> _EXERCISE OBJECTIVE_:
Your answer must consist of exactly the lines below, starting with the line with "#2402=DIRECTION('',(0.,1.,0.));" and going on through the line with "#3948=VERTEX_POINT('',#3947);", and nothing else.

::: THE INPUT :::

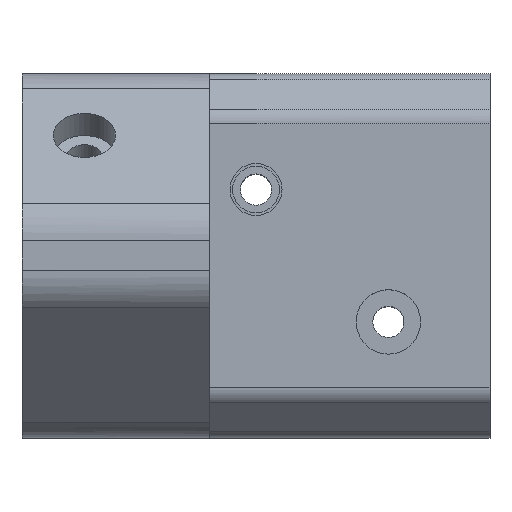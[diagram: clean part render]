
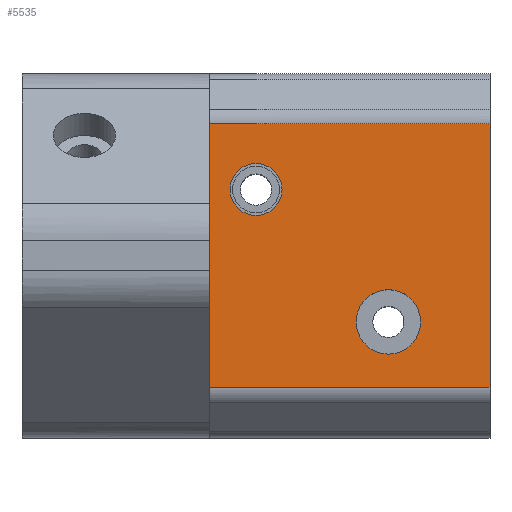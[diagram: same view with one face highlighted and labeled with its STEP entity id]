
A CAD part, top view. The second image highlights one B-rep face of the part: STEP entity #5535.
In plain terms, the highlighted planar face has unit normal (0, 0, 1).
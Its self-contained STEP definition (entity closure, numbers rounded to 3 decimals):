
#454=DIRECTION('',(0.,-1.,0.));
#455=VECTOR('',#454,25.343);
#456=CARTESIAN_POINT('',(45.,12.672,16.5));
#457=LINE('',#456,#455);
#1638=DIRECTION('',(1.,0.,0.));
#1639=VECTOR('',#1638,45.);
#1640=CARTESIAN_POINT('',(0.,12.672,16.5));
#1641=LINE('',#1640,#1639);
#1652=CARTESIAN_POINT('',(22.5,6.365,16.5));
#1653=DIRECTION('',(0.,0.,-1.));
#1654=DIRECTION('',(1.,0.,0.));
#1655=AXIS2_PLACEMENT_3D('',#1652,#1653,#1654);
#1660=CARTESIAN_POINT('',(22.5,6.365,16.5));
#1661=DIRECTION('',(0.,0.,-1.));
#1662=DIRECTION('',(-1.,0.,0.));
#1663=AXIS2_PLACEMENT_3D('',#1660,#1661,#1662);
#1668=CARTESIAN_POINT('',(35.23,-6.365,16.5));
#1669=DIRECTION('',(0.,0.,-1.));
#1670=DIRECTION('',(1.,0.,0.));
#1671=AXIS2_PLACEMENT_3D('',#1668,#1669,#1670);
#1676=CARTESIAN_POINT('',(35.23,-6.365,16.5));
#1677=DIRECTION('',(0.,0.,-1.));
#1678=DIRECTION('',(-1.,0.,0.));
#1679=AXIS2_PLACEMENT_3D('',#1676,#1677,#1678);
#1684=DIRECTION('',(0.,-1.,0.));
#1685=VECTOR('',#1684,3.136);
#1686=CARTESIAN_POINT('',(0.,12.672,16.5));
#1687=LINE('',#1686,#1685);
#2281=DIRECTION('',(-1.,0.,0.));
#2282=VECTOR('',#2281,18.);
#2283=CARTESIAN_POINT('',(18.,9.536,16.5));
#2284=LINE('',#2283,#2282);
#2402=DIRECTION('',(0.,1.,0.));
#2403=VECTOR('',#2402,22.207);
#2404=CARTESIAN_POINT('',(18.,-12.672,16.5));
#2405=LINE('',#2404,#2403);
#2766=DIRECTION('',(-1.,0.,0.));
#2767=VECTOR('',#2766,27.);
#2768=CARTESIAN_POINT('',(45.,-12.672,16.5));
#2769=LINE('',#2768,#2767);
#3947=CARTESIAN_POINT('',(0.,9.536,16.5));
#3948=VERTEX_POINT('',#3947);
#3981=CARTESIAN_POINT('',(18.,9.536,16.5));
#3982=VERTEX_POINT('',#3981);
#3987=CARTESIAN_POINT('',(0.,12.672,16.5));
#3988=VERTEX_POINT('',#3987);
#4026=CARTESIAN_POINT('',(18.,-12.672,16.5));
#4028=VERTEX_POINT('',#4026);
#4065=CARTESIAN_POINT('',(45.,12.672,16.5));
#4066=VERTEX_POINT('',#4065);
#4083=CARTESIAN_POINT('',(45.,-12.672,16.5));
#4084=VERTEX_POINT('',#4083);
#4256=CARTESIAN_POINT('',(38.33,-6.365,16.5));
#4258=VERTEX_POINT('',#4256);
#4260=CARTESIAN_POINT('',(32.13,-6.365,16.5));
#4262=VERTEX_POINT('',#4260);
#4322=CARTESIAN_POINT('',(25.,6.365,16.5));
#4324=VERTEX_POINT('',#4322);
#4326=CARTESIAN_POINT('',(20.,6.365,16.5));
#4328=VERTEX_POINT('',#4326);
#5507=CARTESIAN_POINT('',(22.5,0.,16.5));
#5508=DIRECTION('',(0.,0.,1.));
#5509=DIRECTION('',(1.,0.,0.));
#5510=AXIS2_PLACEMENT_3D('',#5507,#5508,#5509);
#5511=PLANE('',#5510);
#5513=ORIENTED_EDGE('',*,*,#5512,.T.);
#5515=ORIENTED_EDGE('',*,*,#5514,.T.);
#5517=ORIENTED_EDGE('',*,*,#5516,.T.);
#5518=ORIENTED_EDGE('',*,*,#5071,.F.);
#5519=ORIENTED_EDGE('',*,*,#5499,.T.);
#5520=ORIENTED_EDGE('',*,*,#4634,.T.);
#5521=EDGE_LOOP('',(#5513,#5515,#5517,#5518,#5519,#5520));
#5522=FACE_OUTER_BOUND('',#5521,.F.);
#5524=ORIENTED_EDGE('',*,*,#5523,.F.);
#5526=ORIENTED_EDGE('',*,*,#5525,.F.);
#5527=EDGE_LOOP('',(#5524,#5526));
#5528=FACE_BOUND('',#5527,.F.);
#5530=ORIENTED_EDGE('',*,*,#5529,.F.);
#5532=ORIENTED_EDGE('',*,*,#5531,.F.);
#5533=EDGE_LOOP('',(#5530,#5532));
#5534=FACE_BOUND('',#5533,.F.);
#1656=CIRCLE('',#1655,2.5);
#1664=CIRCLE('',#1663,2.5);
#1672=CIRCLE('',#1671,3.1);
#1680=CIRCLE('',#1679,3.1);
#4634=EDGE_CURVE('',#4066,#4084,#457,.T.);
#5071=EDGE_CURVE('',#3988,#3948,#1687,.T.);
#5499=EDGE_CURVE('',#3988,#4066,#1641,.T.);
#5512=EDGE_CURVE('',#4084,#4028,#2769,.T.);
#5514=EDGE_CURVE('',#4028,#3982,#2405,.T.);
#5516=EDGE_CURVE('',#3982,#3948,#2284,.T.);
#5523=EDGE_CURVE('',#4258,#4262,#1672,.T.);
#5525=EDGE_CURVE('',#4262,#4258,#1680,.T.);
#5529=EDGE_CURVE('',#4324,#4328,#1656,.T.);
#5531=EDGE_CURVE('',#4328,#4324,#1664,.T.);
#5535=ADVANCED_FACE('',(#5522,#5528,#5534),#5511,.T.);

:::

> _TASK RESPONSE_:
#2402=DIRECTION('',(0.,1.,0.));
#2403=VECTOR('',#2402,22.207);
#2404=CARTESIAN_POINT('',(18.,-12.672,16.5));
#2405=LINE('',#2404,#2403);
#2766=DIRECTION('',(-1.,0.,0.));
#2767=VECTOR('',#2766,27.);
#2768=CARTESIAN_POINT('',(45.,-12.672,16.5));
#2769=LINE('',#2768,#2767);
#3947=CARTESIAN_POINT('',(0.,9.536,16.5));
#3948=VERTEX_POINT('',#3947);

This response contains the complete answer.